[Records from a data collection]
^^^^

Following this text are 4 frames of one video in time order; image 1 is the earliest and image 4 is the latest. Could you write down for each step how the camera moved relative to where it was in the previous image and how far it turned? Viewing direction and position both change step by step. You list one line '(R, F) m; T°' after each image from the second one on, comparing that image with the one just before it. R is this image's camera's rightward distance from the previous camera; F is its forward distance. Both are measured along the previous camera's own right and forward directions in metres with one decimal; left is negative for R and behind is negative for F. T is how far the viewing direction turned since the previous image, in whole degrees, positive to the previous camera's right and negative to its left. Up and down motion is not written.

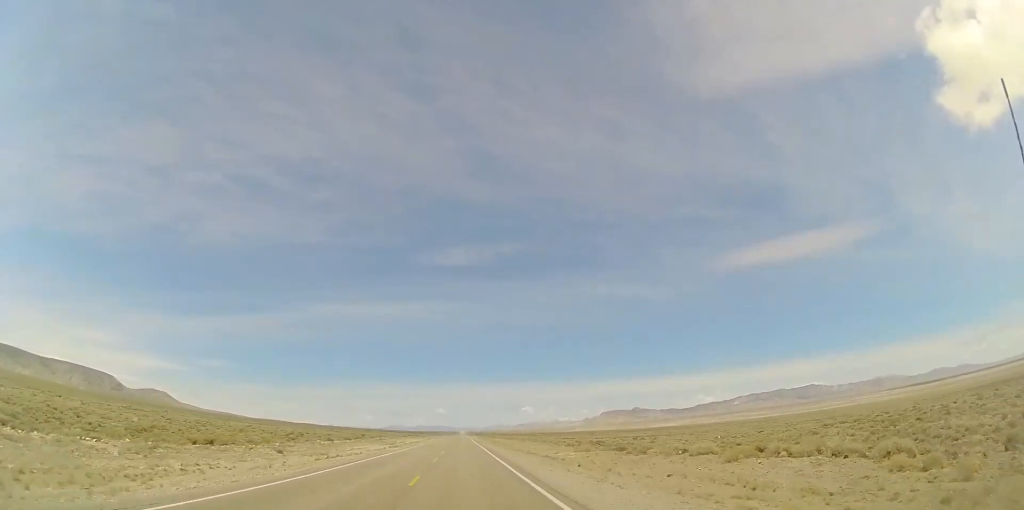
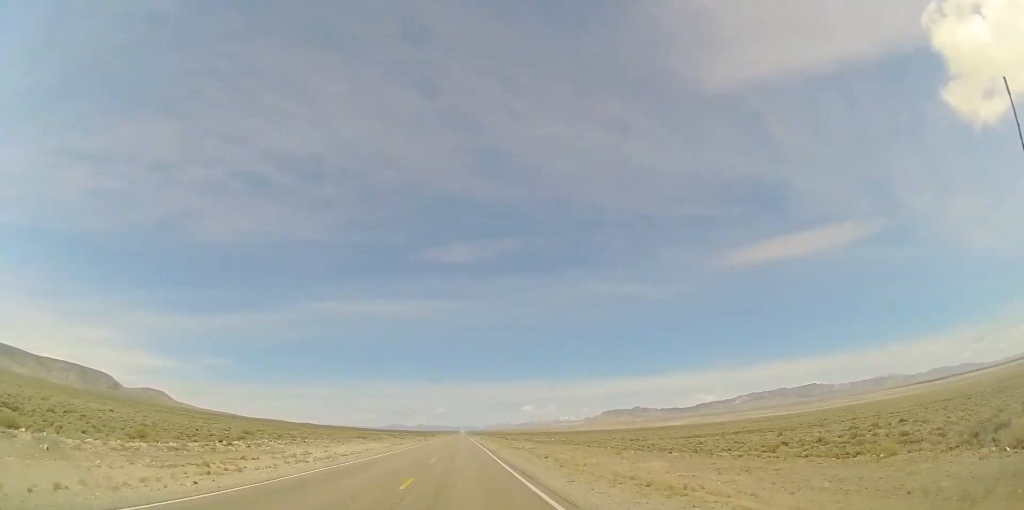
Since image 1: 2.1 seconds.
(0.0, +62.3) m; +1°
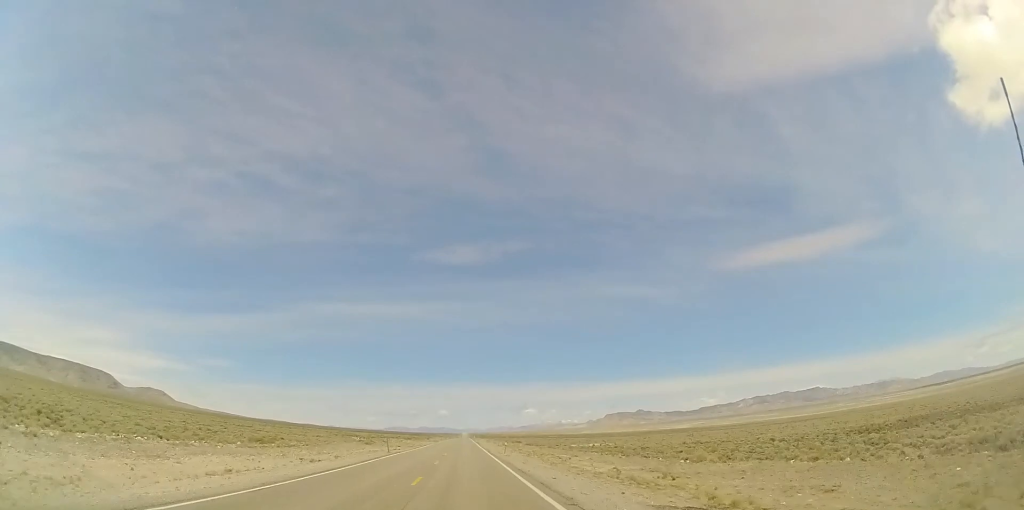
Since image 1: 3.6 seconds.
(-0.3, +47.0) m; -2°
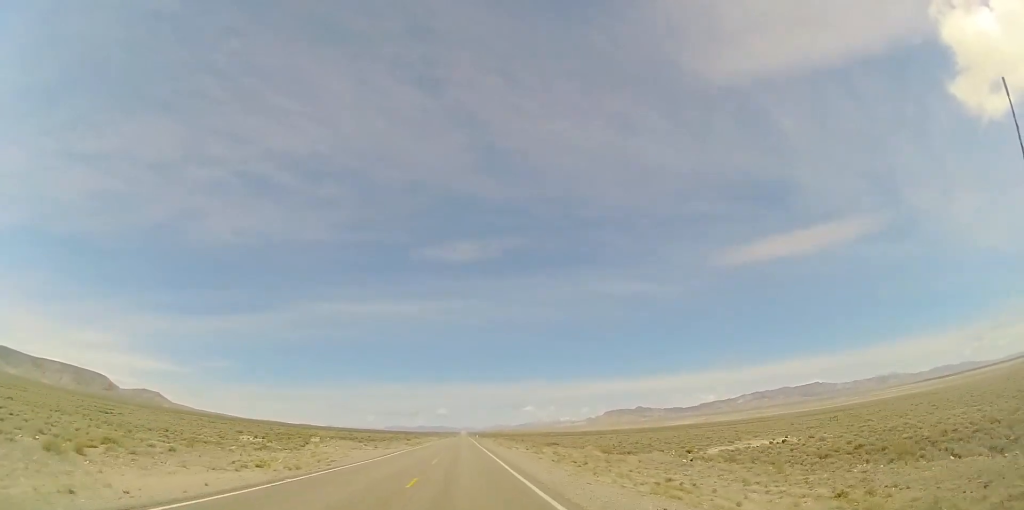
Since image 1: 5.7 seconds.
(+0.3, +61.6) m; +1°

^^^^

## What the task asks
Hand back all the entries exactly, leaving out the pictures.

## Solution to this problem
Following this text are 4 frames of one video in time order; image 1 is the earliest and image 4 is the latest. Could you write down for each step how the camera moved relative to where it was in the previous image and how far it turned? Viewing direction and position both change step by step. You list one line '(R, F) m; T°' after each image from the second one on, comparing that image with the one just before it. R is this image's camera's rightward distance from the previous camera; F is its forward distance. Both are measured along the previous camera's own right and forward directions in metres with one decimal; left is negative for R and behind is negative for F. T is how far the viewing direction turned since the previous image, in whole degrees, positive to the previous camera's right and negative to its left. Up and down motion is not written.

Since image 1: 2.1 seconds.
(0.0, +62.3) m; +1°
Since image 1: 3.6 seconds.
(-0.3, +47.0) m; -2°
Since image 1: 5.7 seconds.
(+0.3, +61.6) m; +1°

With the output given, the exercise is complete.